Jordanien unterstützt Erneuerbare-Energien- und Energieeffizienz-Maßnahmen, indem es alle dafür benötigte Komponenten von der Zoll- und Umsatzsteuer befreit. Darüber hinaus sind Komponenten europäischen Ursprungs aufgrund des Freihandelsabkommens vom Zoll befreit. Auch Investitionsanreize wie "Freihandelszonen" und "Entwicklungszonen" mit besonderen Konditionen können für deutsche Hersteller eine attraktive Option sein, um Produktions- oder Montageaktivitäten nach Jordanien zu verlagern.

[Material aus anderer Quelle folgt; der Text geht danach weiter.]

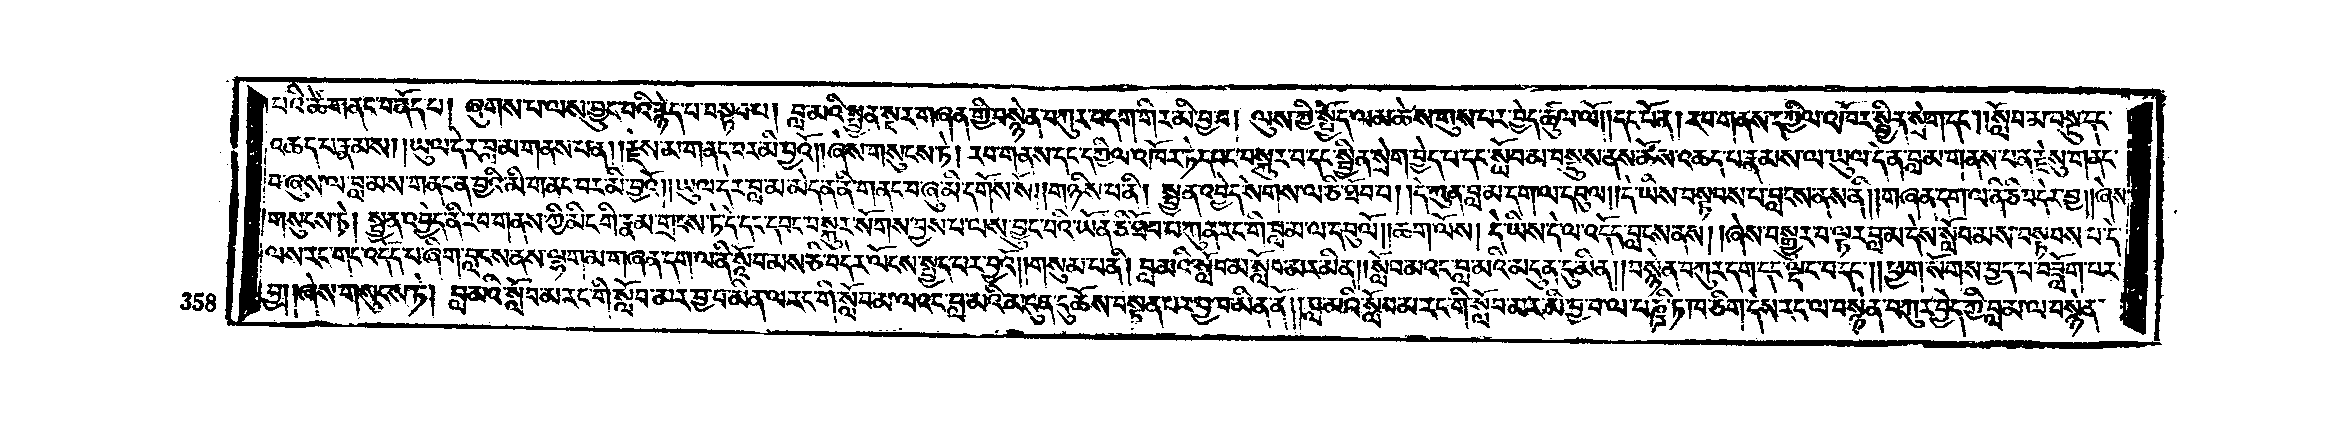པའི་ཚེ་གནང་བ་ནོད་པ། ཞུགས་པ་ལས་བྱུང་བའི་རྙེད་པ་བསྟབ་པ། བླ་མའི་སྤྱན་སྔར་གཞན་གྱི་བསྙེན་བཀུར་བདག་གིར་མི་བྱ་བ། ལུས་ཀྱི་སྤྱོད་ལམ་ཆེས་གུས་པར་བྱེད་ཚུལ་ལོ། །དང་པོ་ན། རབ་གནས་དཀྱིལ་འཁོར་སྦྱིན་སྲེག་དང་། །སློབ་མ་བསྡུ་དང་
འཆད་པ་རྣམས། །ཡུལ་དེར་བླ་མ་གནས་པ་ན། །རྗེས་མ་གནང་བར་མི་བྱའོ། །ཞེས་གསུངས་ཏེ། རབ་གནས་དང་དཀྱིལ་འཁོར་ཏེ་དབང་བསྐུར་བ་དང་སྦྱིན་སྲེག་བྱེད་པ་དང་སློབ་མ་བསྡུས་ནས་ཚོས་འཆད་པ་རྣམས་ལ་ཡུལ་དེ་ན་བླ་མ་གནས་པ་ན་རྗེས་སུ་གནང་
བ་ཞུས་ལ་བླ་མས་གནང་ན་བྱའི་མི་གནང་བར་མི་བྱའོ། །ཡུལ་དེར་བླ་མ་མེད་ན་ནི་གནང་བ་ཞུ་མི་དགོས་སོ། །གཉིས་པ་ནི། སྤྱན་འབྱེད་སེགས་ལ་ཅི་ཐོབ་པ། །དེ་ཀུན་བླ་མ་དག་ལ་དབུལ། །དེ་ཡིས་བསྟབས་པ་བླངས་ནས་ནི། །གཞན་དག་ལ་ནི་ཅི་བདེར་བྱ། །ཞེས་
གསུངས་ཏེ། སྤྱན་འབྱེད་ནི་རབ་གནས་ཀྱི་མིང་གི་རྣམ་གྲངས་ཏེ་དེ་དང་དབང་བསྐུར་སོགས་བྱས་པ་ལས་བྱུང་བའི་ཡོན་ཅི་ཐོབ་པ་ཀུན་རང་གི་བླ་མ་ལ་དབུལ་ལོ། །ཆག་ལོས། དེ་ཡིས་དེ་ལ་འདོད་བླངས་ནས། །ཞེས་བསྒྱུར་བ་ལྟར་བླ་མ་དེས་སློབ་མས་བསྟབས་པ་དེ་
ལས་རང་གང་འདོད་པ་ཞིག་བླངས་ནས་ལྷག་མ་གཞན་དག་ལ་ནི་སློབ་མས་ཅི་བདེར་ལོངས་སྤྱད་པར་བྱའོ། །གསུམ་པ་ནི། བླ་མའི་སློབ་མ་སློབ་མར་མིན། །སློབ་མའང་བླ་མའི་མདུན་དུ་མིན། །བསྙེན་བཀུར་དག་དང་ལྡང་བ་དང་། །ཕྱག་སོགས་བྱད་པ་བཟློག་པར་
བྱ། །ཞེས་གསུངས་ཏེ། བླ་མའི་སློབ་མ་རང་གི་སློབ་མར་བྱ་བ་མིན་ལ་རང་གི་སློབ་མ་ལའང་བླ་མའི་མདུན་དུ་ཆོས་བསྟན་པར་བྱ་བ་མིན་ནོ། །བླ་མའི་སློབ་མ་རང་གི་སློབ་མར་མི་བྱ་བ་ལ་པཎྜི་ཏ་ཁ་ཅིག་དེས་རང་ལ་བསྙེན་བཀུར་བྱེད་ཀྱི་བླ་མ་ལ་བསྙེན་
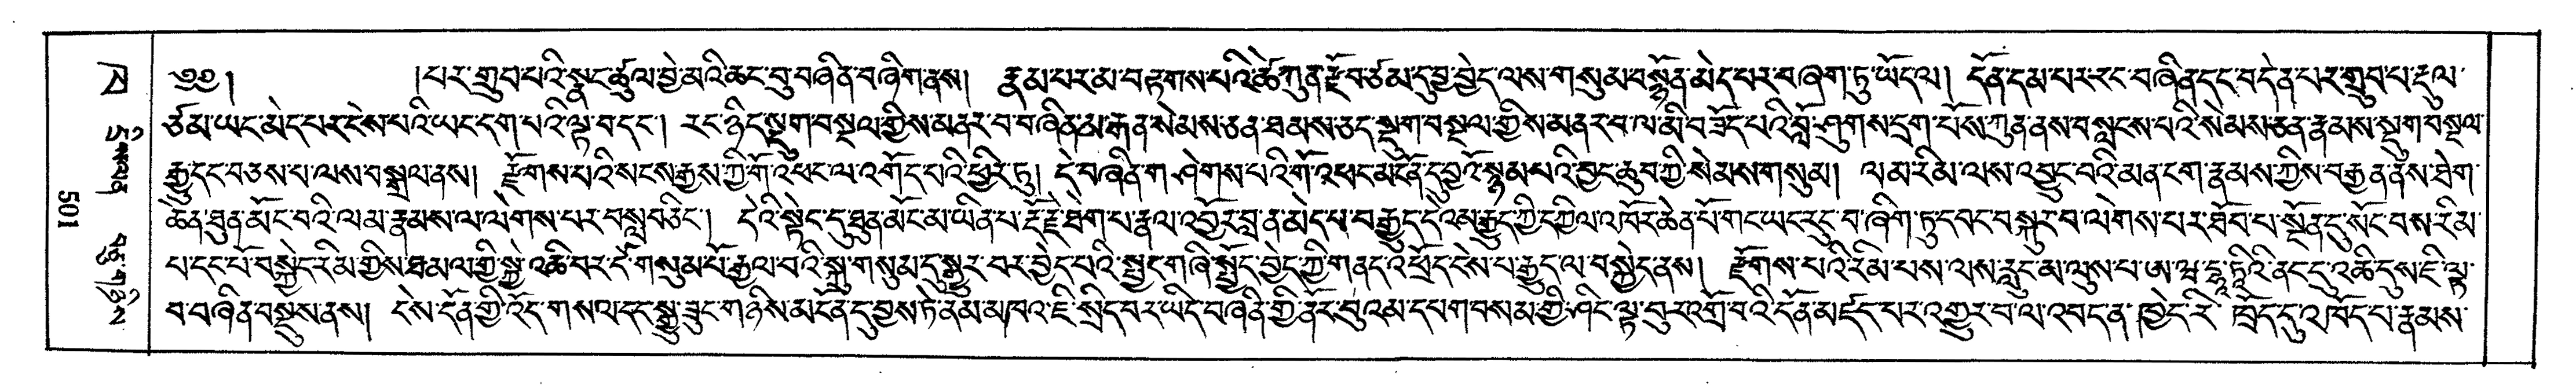༄༅། །པར་གྲུབ་པའི་སྣང་ཚུལ་བྱེ་མའི་ཆང་བུ་བཞིན་བཞིག་ནས། རྣམ་པར་མ་བརྟགས་པའི་ཚེ་ཀུན་རྫོབ་ཙམ་དུ་བྱ་བྱེད་ལས་གསུམ་བསྙོན་མེད་པར་བཞག་ཏུ་ཡོད་ལ། དོན་དམ་པར་རང་བཞིན་དང་བདེན་པར་གྲུབ་པ་རྡུལ་
ཙམ་ཡང་མེད་པར་དེས་པའི་ཡང་དག་པའི་ལྟ་བ་དང་། རང་ཉིད་སྡུག་བསྔལ་གྱིས་མནར་བ་བཞིན་མ་རྒན་སེམས་ཅན་ཐམས་ཅད་སྡུག་བསྔལ་གྱིས་མནར་བ་ལ་མི་བཟོད་པའི་བློ་ཤུགས་དྲག་པོས་ཀུན་ནས་བསླངས་པའི་སེམས་ཅན་རྣམས་སྡུག་བསྔལ་
རྒྱུ་དང་བཅས་པ་ལས་བསྒྲལ་ནས། རྫོགས་པའི་སངས་རྒྱས་ཀྱི་གོ་འཕང་ལ་འགོང་བའི་ཕྱིར་ཏུ། དེ་བཞིན་གཤེགས་པའི་གོ་འཕང་མངོན་དུ་བྱའོ་སྙམ་པའི་བྱང་ཆུབ་ཀྱི་སེམས་གསུམ། ལམ་དམ་ལས་འབྱུང་བའི་མན་ངག་རྣམས་ཀྱིས་བརྒྱན་ནས་ཐེག་
ཆེན་ཐུན་མོང་བའི་ལམ་རྣམས་ལ་ལེགས་པར་བསླབ་ཅིང་། དེའི་སྟེང་དུ་ཐུན་མོང་མ་ཡིན་པ་རྡོ་རྗེ་ཐེག་པ་རྣལ་འབྱོར་བླ་ན་མེད་པ་ཕ་རྒྱུད་དང་མ་རྒྱུད་ཀྱི་དཀྱིལ་འཁོར་ཆེན་པོ་གང་ཡང་རུང་བ་ཞིག་ཏུ་དབང་བསྐུར་བ་ལེགས་པར་ཐོབ་པ་སྡོན་དུ་སོང་བས་རིམ་
པ་དང་པོ་བསྐྱེད་རིམ་གྱིས་ཐ་མལ་གྱི་སྐྱེ་འཆི་བར་དོ་གསུམ་པོ་རྒྱལ་བའི་སྐུ་གསུམ་དུ་སྒྱུར་པར་བྱེད་པའི་སྤྱད་གཞི་སྤྱོང་བྱེད་ཀྱི་གནད་འཕྲོད་ངེས་པ་རྒྱུད་ལ་བསྐྱེད་ནས། རྫོགས་པའི་རིམ་པས་ལས་རླུང་མ་ལུས་པ་ཨ་ཝ་དྷཱུ་ཏཱིའི་ནང་དུ་འཆི་དུས་ཇི་ལྟ་
བ་བཞིན་བསྡུས་ནས། ངེས་དོན་གྱི་འོད་གསལ་དང་སྒྱུ་ཟུང་གཉིས་མངོན་དུ་བྱས་ཏེ་ནམ་མཁའ་ཇི་སྲིད་བོར་ཡིད་བཞིན་གྱི་ནོར་བུའམ་དཔག་བསམ་གྱི་ཤིང་ལྟ་བུར་འགྲོ་བའི་དོན་མཛད་པར་འགྱུར་པ་ལ་འབད་ན། ཁྱེད་རི་ཁྲོད་དུ་འཁོད་པ་རྣམས་
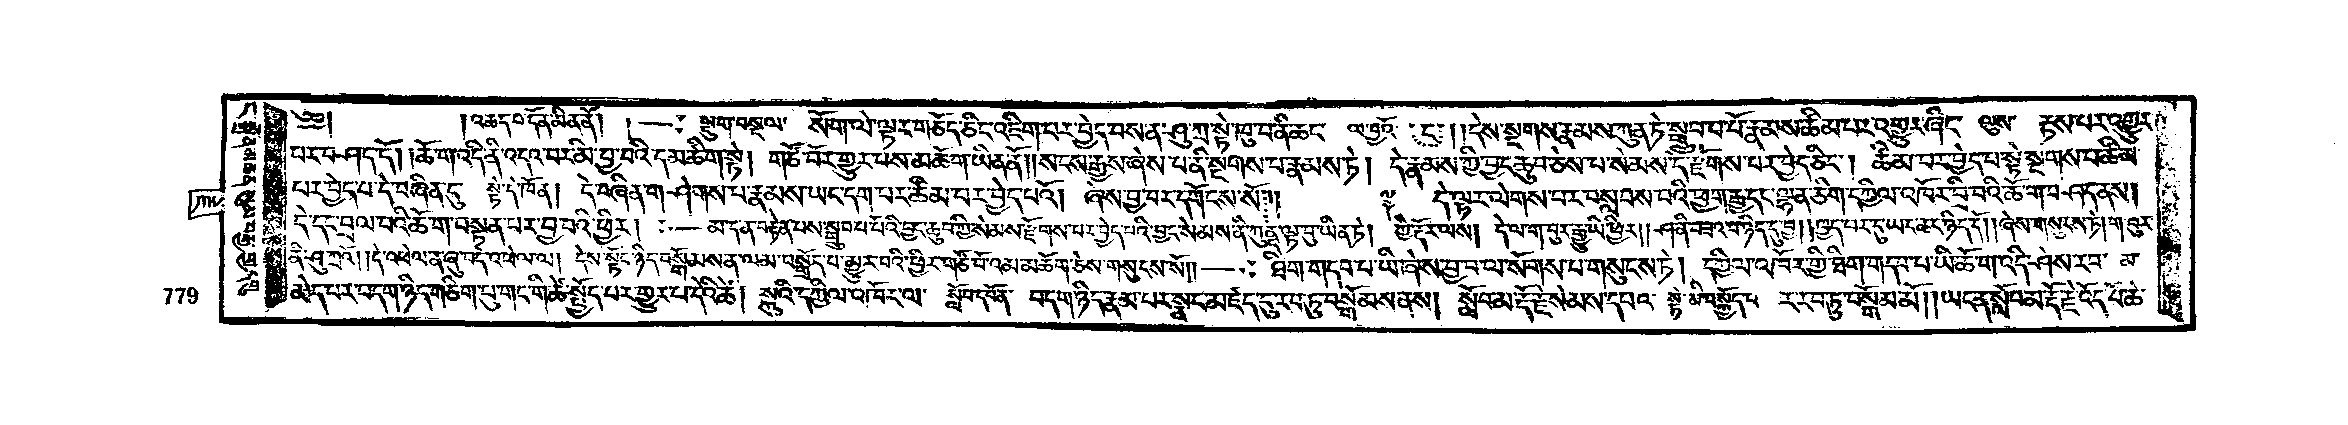༄༅། །འཆད་པ་དོན་མིན་ནོ། །.H སྡུག་བསྔལ་སོག་ལེ་ལྟར་གཅོད་ཅིང་འཇིག་པར་བྱེད་པས་ན་ཤུ་ཀྲ་སྟེ་ཁུ་པ་ནི་ཆང་ལ་བྱའོ་ངོ། །དེས་སྔགས་རྣམས་ཀུན་ཏེ་སྒྲུབ་པ་པོ་རྣམས་ཀུན་ཏེ་སྒྲུབ་པ་པོ་རྣམས་ཚིམ་པར་འགྱུར་ཞིང་ལུས་རྟས་པར་འགྱུར་
པར་བཤད་དོ། །ཆོ་ག་འདི་ནི་འདའ་བར་མི་བྱ་པའི་དམ་ཚིག་སྟེ། གཙོ་བོར་གྱུར་པས་མཆོག་ཡིན་ནོ། །སངས་རྒྱས་ཞེས་པ་ནི་སྔགས་པ་རྣམས་ཏེ། དེ་རྣམས་ཀྱི་བྱང་ཆུབ་ཅེས་པ་སེམས་དེ་རྫོགས་པར་བྱེད་ཅིང་། ཚིམ་པར་བྱེད་པ་སྟེ་སྔགས་པ་ཚིམ་
པར་བྱེད་པ་དེ་བཞིན་དུ་སྟེ་དེ་ཁོ་ན། དེ་བཞིན་གཤེགས་པ་རྣམས་ཡང་དག་པར་ཚིམ་པར་བྱེད་པའོ། ཞེས་བྱ་བར་དགོངས་སོ།། ༈ དེ་ལྟར་ལེགས་པར་བསླབས་པའི་ཕྱག་རྒྱ་དང་ལྷན་ཅིག་དཀྱིལ་འཁོར་བྲི་བའི་ཆོ་ག་བཤད་ནས།
དེ་དང་བྲལ་བའི་ཆོ་ག་བསྟན་པར་བྱ་བའི་ཕྱིར། H.་མ་ད་ན་བརྟེན་པས་སྒྲུབ་པ་པོའི་བྱང་ཆུབ་ཀྱི་སེམས་རྫོགས་པར་བྱེད་པའི་བྱང་སེམས་ནི་ཀུནྡ་ལྟ་བུ་ཡིན་ཏེ། ཀྱཻ་རྡོར་ལས། དེ་ལ་ག་བུར་རྒྱུ་ཡི་ཕྱིར། །ཤ་ནི་བཟའ་བ་ཉིད་དུ་བྱ། །ཁྱད་པར་དུ་ཡང་ཆང་ཉིད་དོ། །ཞེས་གསུངས་ཏེ། ག་བུར་
ནི་ཤུ་ཀྲའོ། །དེ་འཕེལ་ན་ཞུ་བདེ་འཕེལ་ལོ། །དེ་སྟོང་ཉིད་བསྒོམ་ན་ལམ་བསྒྲོད་པ་མྱུར་བའི་ཕྱིར་གཙོ་བོ་འམ་མཆོག་ཅེས་གསུངས་སོ།། .H ཐིག་གདབ་པ་ཡི་ཞེས་བྱ་བ་ལ་སོགས་པ་གསུངས་ཏེ། དཀྱིལ་འཁོར་གྱི་ཐིག་གདབ་པ་ཡི་ཆོ་ག་འདི་ཤེས་རབ་མ
མེད་པར་བདག་ཉིད་གཅིག་པུ་གང་གི་ཚེ་སྤྱོད་པར་གྱུར་པ་དེའི་ཚེ། སྐུའི་དཀྱིལ་འཁོར་ལ་སློབ་དཔོན་བདག་ཉིད་རྣམ་པར་སྣང་མཛད་དུ་རབ་ཏུ་བསྒོམས་ནས། སློབ་མ་རྡོ་རྗེ་སེམས་དཔ་སྟེ་མི་བསྐྱོད་པ་ར་རབ་ཏུ་བསྒོམ་མོ། །ཡང་ན་སློབ་མ་རྡོ་རྗེ་འོད་པོ་ཆེ་

Jordanien verfügt über kompetente lokale Bauunternehmen, was die Umsetzung deutscher Lösungen erleichtert. Andererseits stellt die Projektentwicklung eine große Herausforderung dar. Gründe dafür sind die Unsicherheiten bei der Erfassung von Lastprofilen, Systemdesigns und Integrationskonzepten. Die Endkunden sind oft nicht bereit, für Ingenieurleistungen zu bezahlen. PEP Aktivitäten kommen dieser Herausforderung entgegen, indem sie den Endnutzern kostenlose Unterstützung bei der Projektentwicklung bieten und das Projekt in die Phase der Umsetzungsreife bringen. Auch Finanzierungsbeschränkungen und Bedenken der Endnutzer, die Investitionen in andere Aspekte wie Produktionssteigerungen, insbesondere im Industriesektor, den Vorrang geben, können mit dem ESCO-Ansatz angegangen werden, bei dem private Entwickler das Projekt abwickeln und dem Kunden das Risiko abnehmen.

Unterstützung des PEP

Die Aktivitäten des lokalen PEP Teams werden weiter dazu beitragen, den Solarthermie-Markt in Jordanien zu beschleunigen, indem sie interessierten Endnutzern kostenlose Projektentwicklungsdienste anbieten. Das PEP ist seit 2018 in Jordanien mit dem Schwerpunkt auf Photovoltaik aktiv. Mehrere Referenzprojekte konnten erfolgreich begleitet werden, in denen Abnehmer durch deutsche Unternehmen und Technologie Kosteneinsparungen und Nachhaltigkeitsziele erreicht haben.

Das PEP wird seinen Schwerpunkt künftig auf Solarthermie, Energieeffizienz und Wärmerückgewinnung verlagern, um deutsche Unternehmen und Technologien mit lokalen Abnehmern zu verbinden.